I mention all this to make the point that I grew up in a technology deprived environment in what was, at the time, a technology deprived country (Ireland) so computers came as something of a shock.
In the Seventies, I founded and operated a company, Addmaster UK, that sold adding machines and calculators using direct marketing techniques. It was entirely data driven and ended up with 134,000 customers by the time I left, but was operated using manually operated systems which I devised from first principals; and which were surprisingly effective. However, that was largely thanks to my extraordinarily talented General Manager, Collin White, so it was about that time that I started thinking about computers.
What I found was that they were primarily accounts driven, were remarkably expensive to modify, and were operated by people who seemed to live in a world of their own.
It was frustrating, because I could see the potential of computers, but couldn’t get computer types to share my vision. They tended to act like High Priests and were more concerned with dogma than flexibility. Software was proprietary and expensive. In short, if you didn’t agree with the way they did things, you were wrong. In fact, at a different time, I had the feeling that the Inquisition would have picked me up and burned me at the stake.

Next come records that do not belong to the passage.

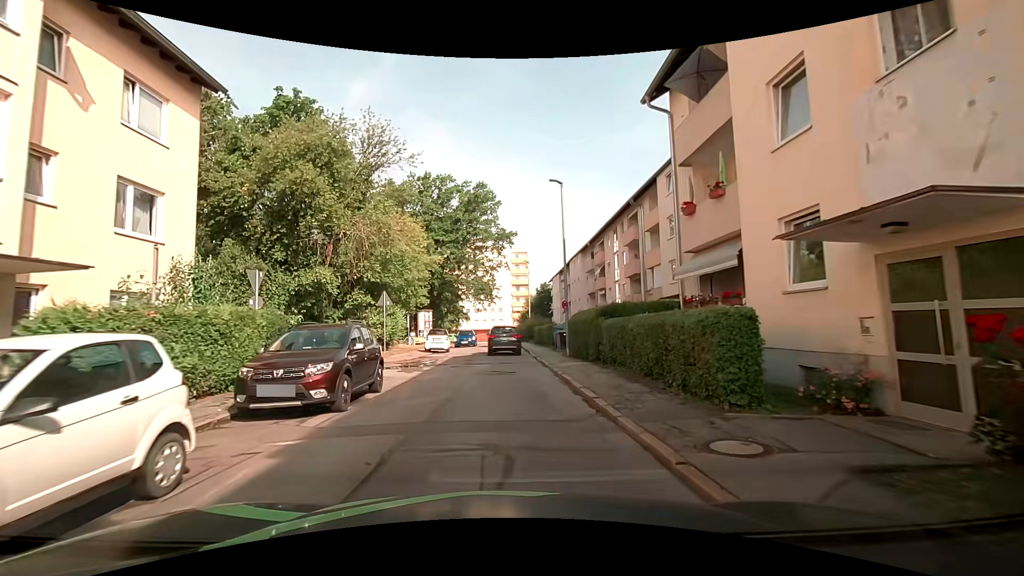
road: residential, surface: asphalt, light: Day
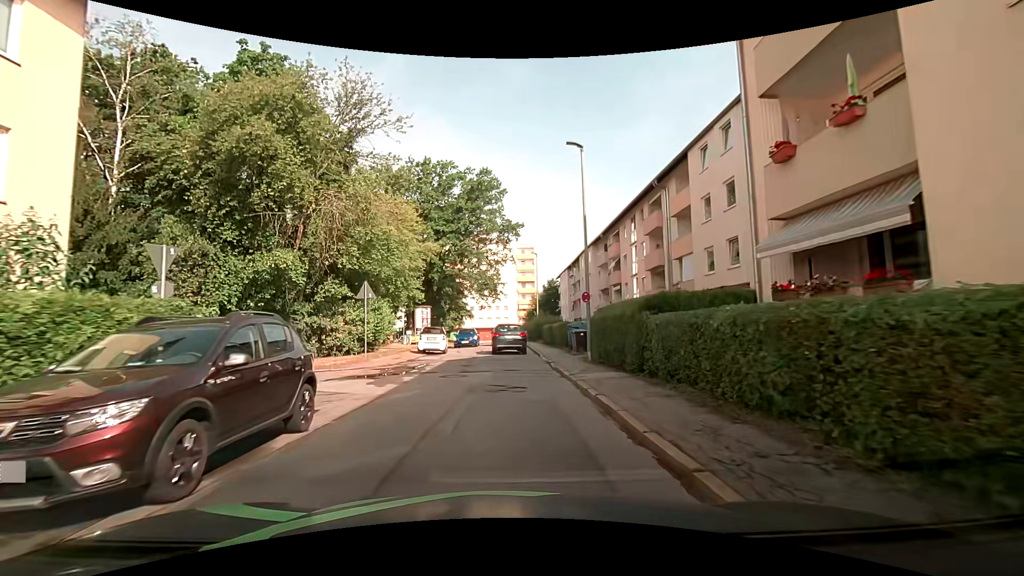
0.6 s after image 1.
(-0.1, +4.5) m; -2°
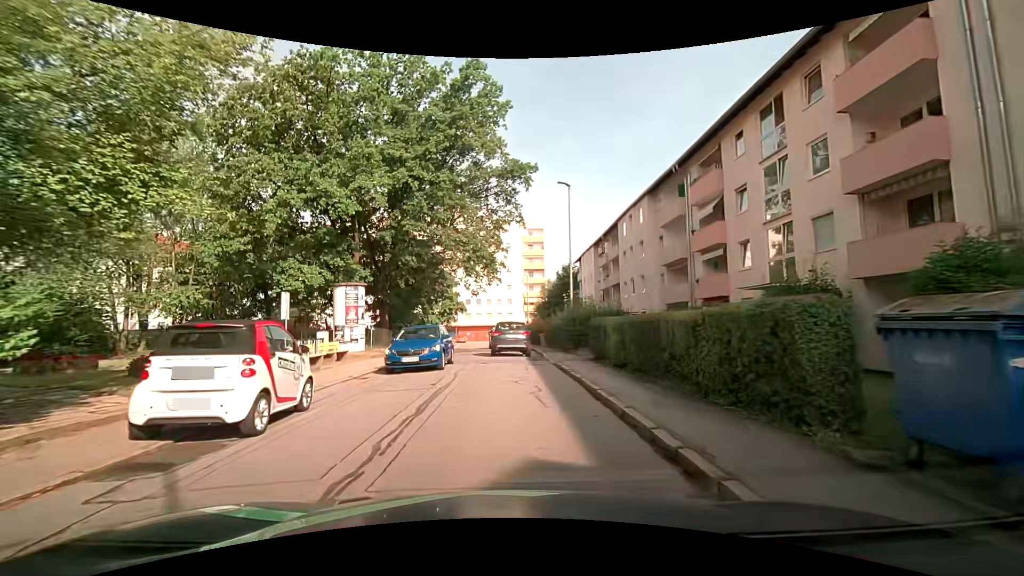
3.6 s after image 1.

The rigidity and arrogance of the computer industry in those days is hard to overstate. Its members knew that they made and marketed astonishingly powerful devices, but they were determined that their customers would operate their way – and pay through the nose for the privilege. IBM was worst in this respect, but even upstarts like DEC were not much better. They were both corporate and cultist in just about equal measure.
Against such a background, Steve Job’s achievements are all the more impressive. He was pushing against extraordinarily powerful opposition and, essentially was preaching heresy. It is remarkable that he wasn’t swatted away. He was truly a David up against a whole bunch of Goliaths.
What attracted me to Apple was that it’s approach matched my mental model of what a computer should do. I was looking for ease of use, multi-tasking, massive power, WHISYWIG and ease of printing from the beginning. It seemed to me ridiculous to operate any other way. I also thought that the operating system could be kept separate from the data, and that the all important data should be removable. I was unaware of the internet in those early days. Nonetheless, my thinking was way ahead of the current culture. Indeed, it was visionary.
To have a vision isn’t enough. You have got to be able to execute. This is where Steve Jobs moved into a league of his own. And he did this across a whole range of products and technologies; and made the world a better place into the bargain.
Steve Jobs had many strengths but one of his greatest was the combination of vision, pursuit of excellence, and technological awareness combined with his refusal to compromise.
Obduracy based upon ignorance, which seems to be the guiding mantra of the Republican Party right now, is another matter entirely.